Frank Mir is a giant in the mixed
martial arts world, literally as well as image wise. Standing around 6ft 3in
and weighing over 240lbs, he is a colossus in the Ultimate Fighting
Championship having been two-time heavyweight champ.
A UFC veteran at 31, Mir is looking
to be champ for a third time and is training intensely for his next bout,
against the dangerous Croatian Mirko ‘Cro Cop’ Filipovic, in Indianapolis on 25
After that Mir will chill for a
while and part of his recreational plans are to come to Grand Cayman with his
family for two seminars on 16 October and to greet fans at the Hard Rock Cafe
here on the same day. It is all being organised by karate instructor Bob Daigle
who has spent the last two months in the US networking like crazy with the
mixed martial arts fraternity with the intention of raising MMA standards here
and putting on a show in May.
Daigle brought over UFC star Kenny
Florian and boxing coach Peter Welch in June which went well. Mir’s visit is
even more exciting. Master Steve Graham, president of the Cayman Islands Taekwondo
Association, said: “People here are all excited about Mir’s visit. I’m looking
forward to seeing his Muay Thai and Brazilian jiujitsu skills and can’t wait to
meet him up close and personal. He’s only 31, still at the forefront of the
sport, in peak physical condition and it will be nice to get his perspective on
the whole MMA scene.”
The marque sponsor for Mir’s trip
is Cayman Airways and other sponsors besides the Hard Rock Cafe are Bud light,
Red Bull, Pure Health and FAST Defense.
Francisco Santos Mir III was born
on 24 May 1979, in Las Vegas. His parents were martial arts practitioners so it
was inevitable that he would follow suit. His father owned a Kenpo karate
school in Las Vegas, which is where his initial martial arts training started.
Mir achieved a black belt in Kenpo as a teenager.
Mir’s father convinced him to begin
wrestling in high school after seeing how easily strikers were taken down in
the initial UFC tournaments. Though Mir lost his first seven wrestling matches,
he did eventually win a state championship in 1998 before training in Brazilian
jiujitsu and received his black belt in 2004.
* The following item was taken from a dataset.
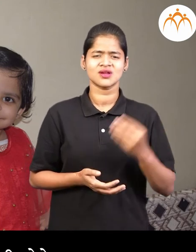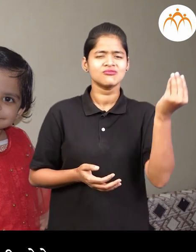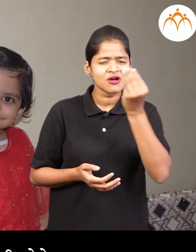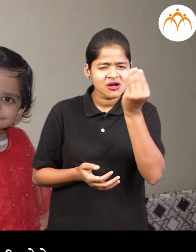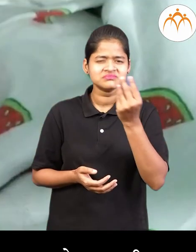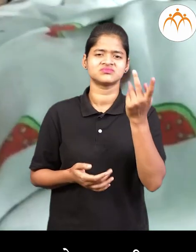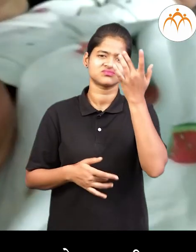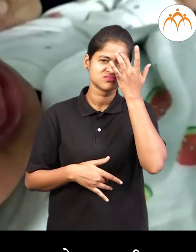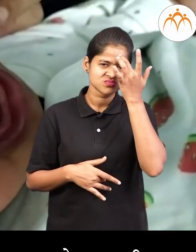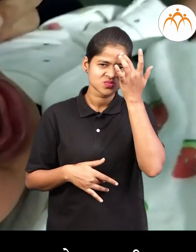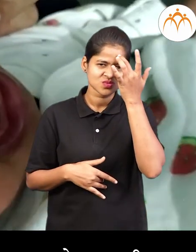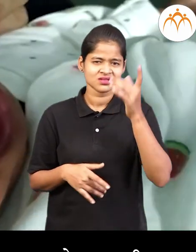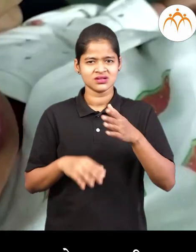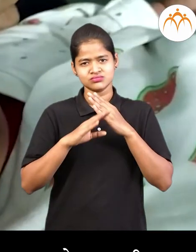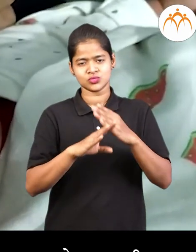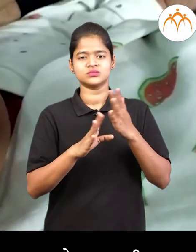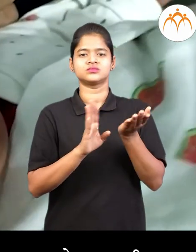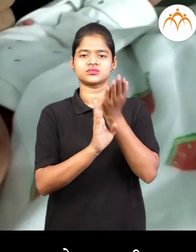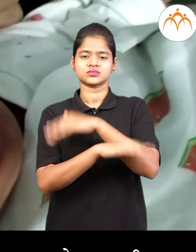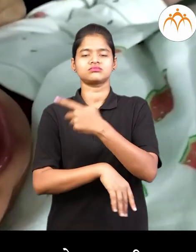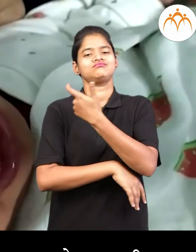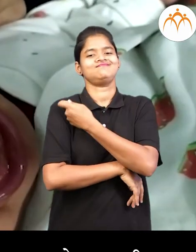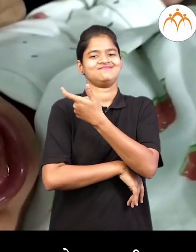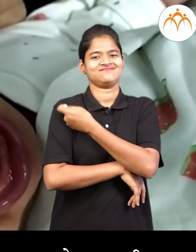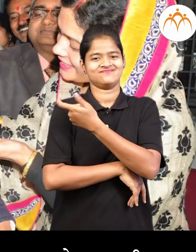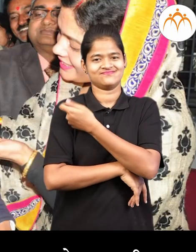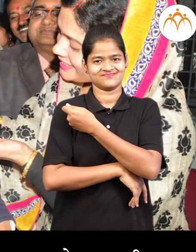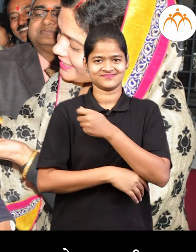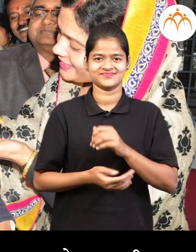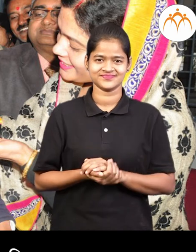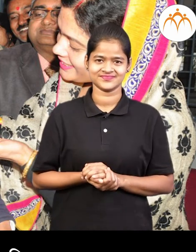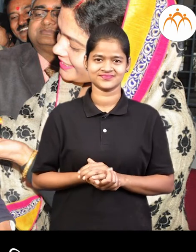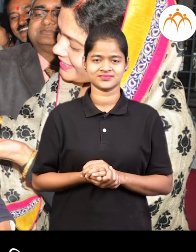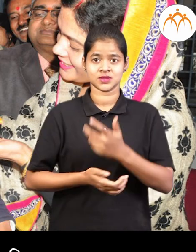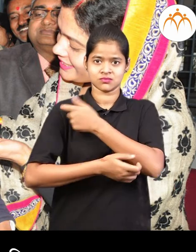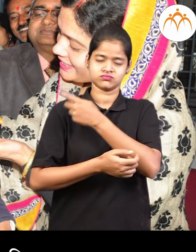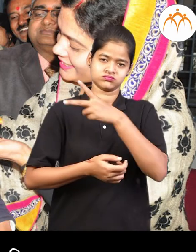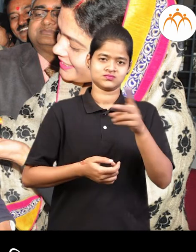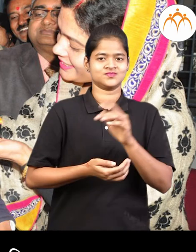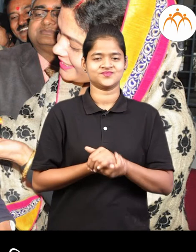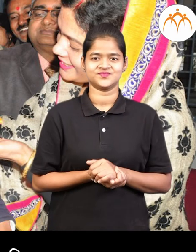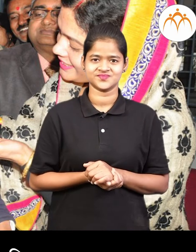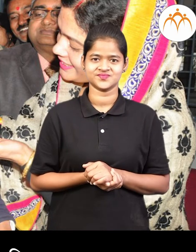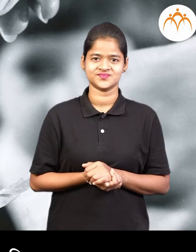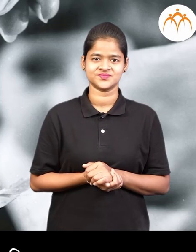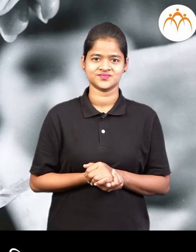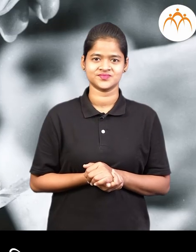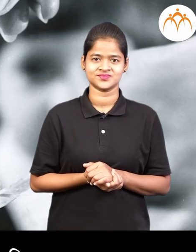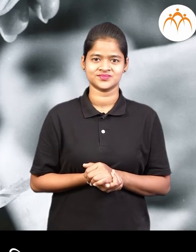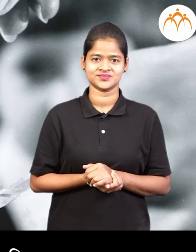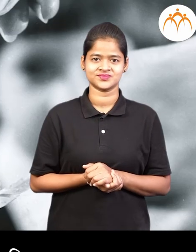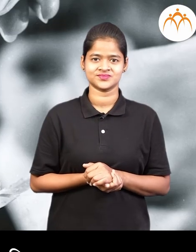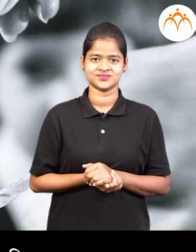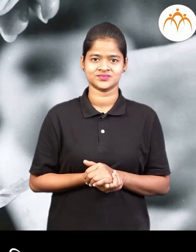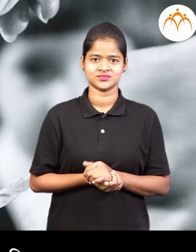काही-काही आजार होवू नएद मनों आजार होणया अधीच बालानना वेग-वेगडा समुरक्षक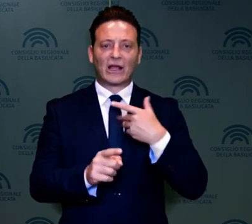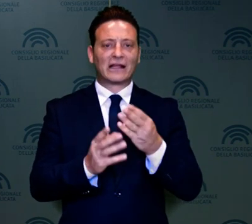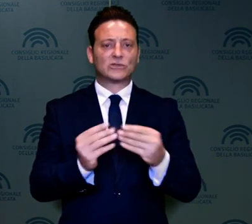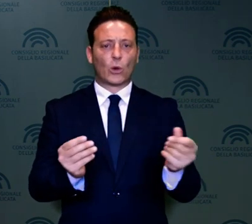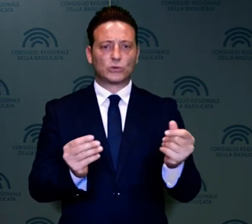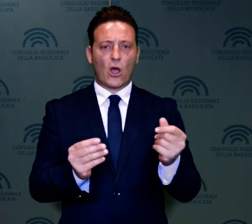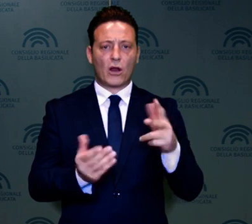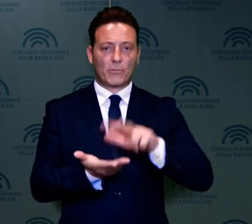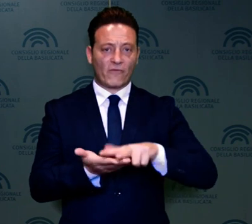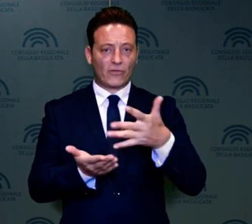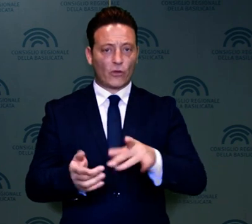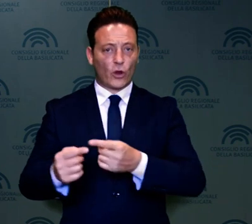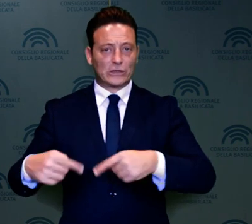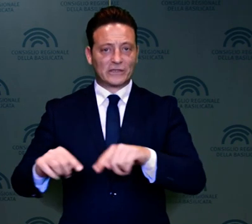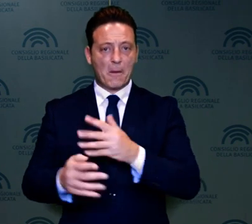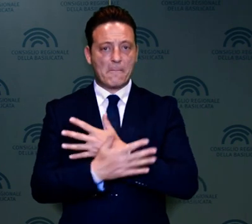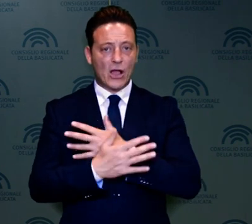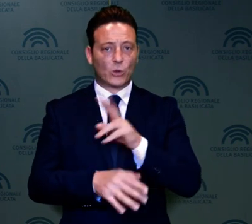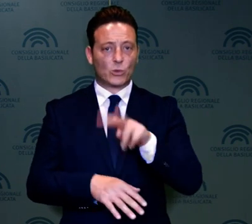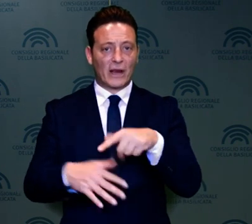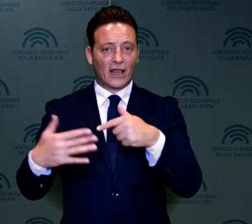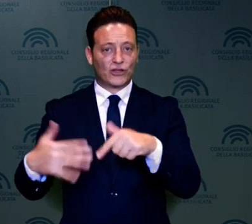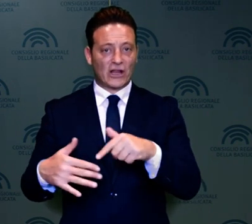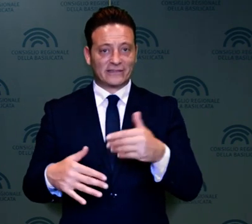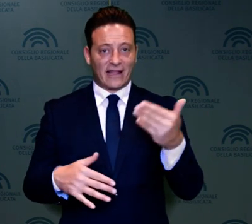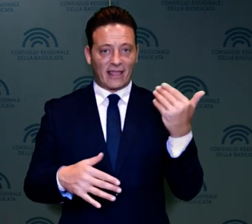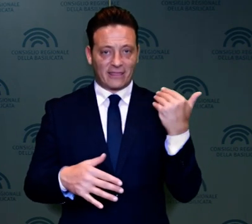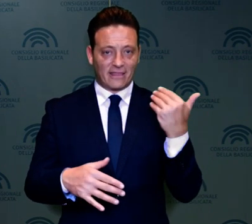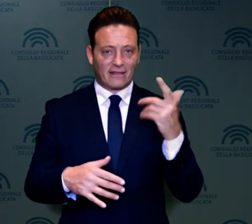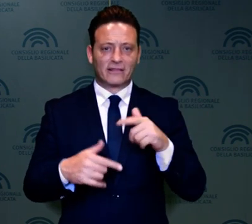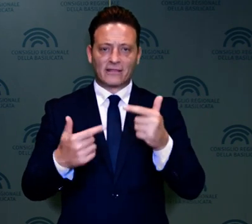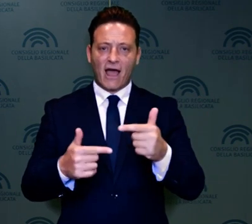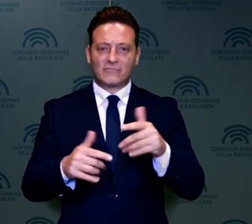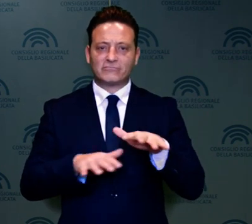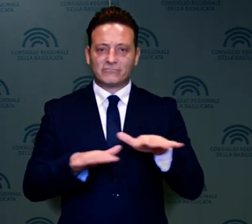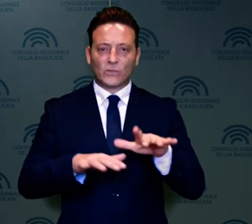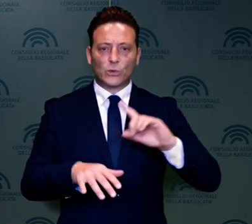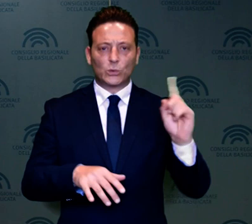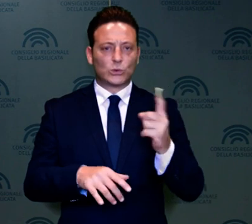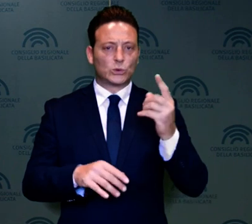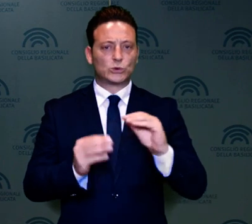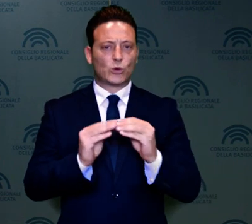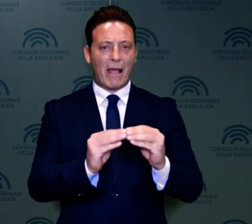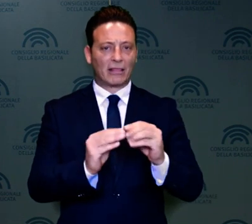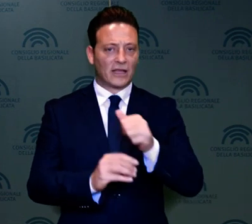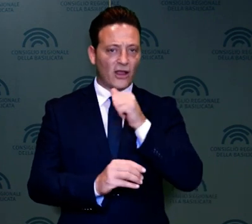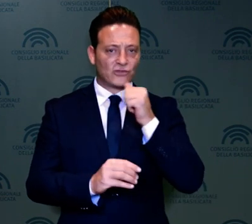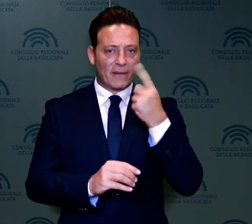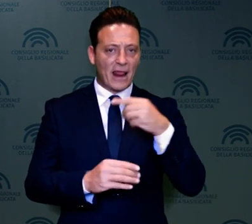approvata in Consiglio nel maggio 2017, per mettere in campo tutti gli strumenti necessari a limitare

Mir’s MMA debut was in 2001 when he
defeated Jerome Smith by unanimous decision. He defeated his next three
opponents by way of submission, including Pete Williams at UFC 36 by shoulder
lock. His victory over Williams made it clear that the former Kenpo
practitioner was now one of the world’s most dangerous submission fighters.
He was considered the future of the
UFC heavyweight division back in 2002. So when he took on England’s Ian Freeman
at UFC 38, most believed that another submission victory was a foregone
conclusion. But upsets in this sport happen all the time. He lost on first
round TKO after his conditioning let him down. Mir’s performance caused
speculation about his cardio and drive to succeed. Regardless, he picked up his
winning ways after the Freeman encounter.
Mir finally got the chance to prove
that he was championship worthy at UFC 48 two years later. It only took 50
seconds for him to catch in an armbar the 6ft 8in Tim Sylvia in a UFC
Heavyweight Championship bout. Sylvia proved his toughness by refusing to tap
out. Unfortunately for him, that resulted in a rather gruesome broken arm on
Frank was lining up a clash with
formidable MMA heavyweight Andrei Arlovski, but it did not materialise because
Mir was knocked off his motorbike by a car, causing a broken leg and the
tearing of all the ligaments in his knee. When he was unable to defend his
title a year later, the UFC offered Arlovski his heavyweight championship.
Mir was not the same fighter when
he came back from injury against Brazilian jiujitsu black belt Marcio Cruz in
2006, at UFC 57. In fact, despite being known for his outstanding ground
skills, he was easily defeated by TKO on the canvas in the first round.
Following that, were two more subpar efforts. This had many wondering if Mir
could ever regain his old form.
But then came three straight
victories against Antoni Hardonk, Brock Lesnar, and UFC Interim Heavyweight
Champion Antonio Rodrigo Nogueira. Frank Mir was clearly back.
He possesses solid wrestling and
striking skills. However, his Brazilian jiujitsu prowess is his forte. Along
with this, Mir has one of the best guards of any heavyweight in MMA history. On
top of his ability to put opponents in armbars and leglocks is the fact that
he’s an extremely big and strong heavyweight. Consensus is that once you get
caught by Mir it’s all over. He’s just too strong to power out of his attempts
and too good to use technique to escape. A devoted family man, Mir and wife
Jennifer have three children together.
Such is the high level of
competition in the UFC that Mir’s recent record has been patchy although he
remains one of the world’s most formidable big men. He lost by two round KO to
Lesnar for the heavyweight title last year, beat Cheick Kongo in a round in his
next fight but lost in an interim championship bout to Shane Carwin in March.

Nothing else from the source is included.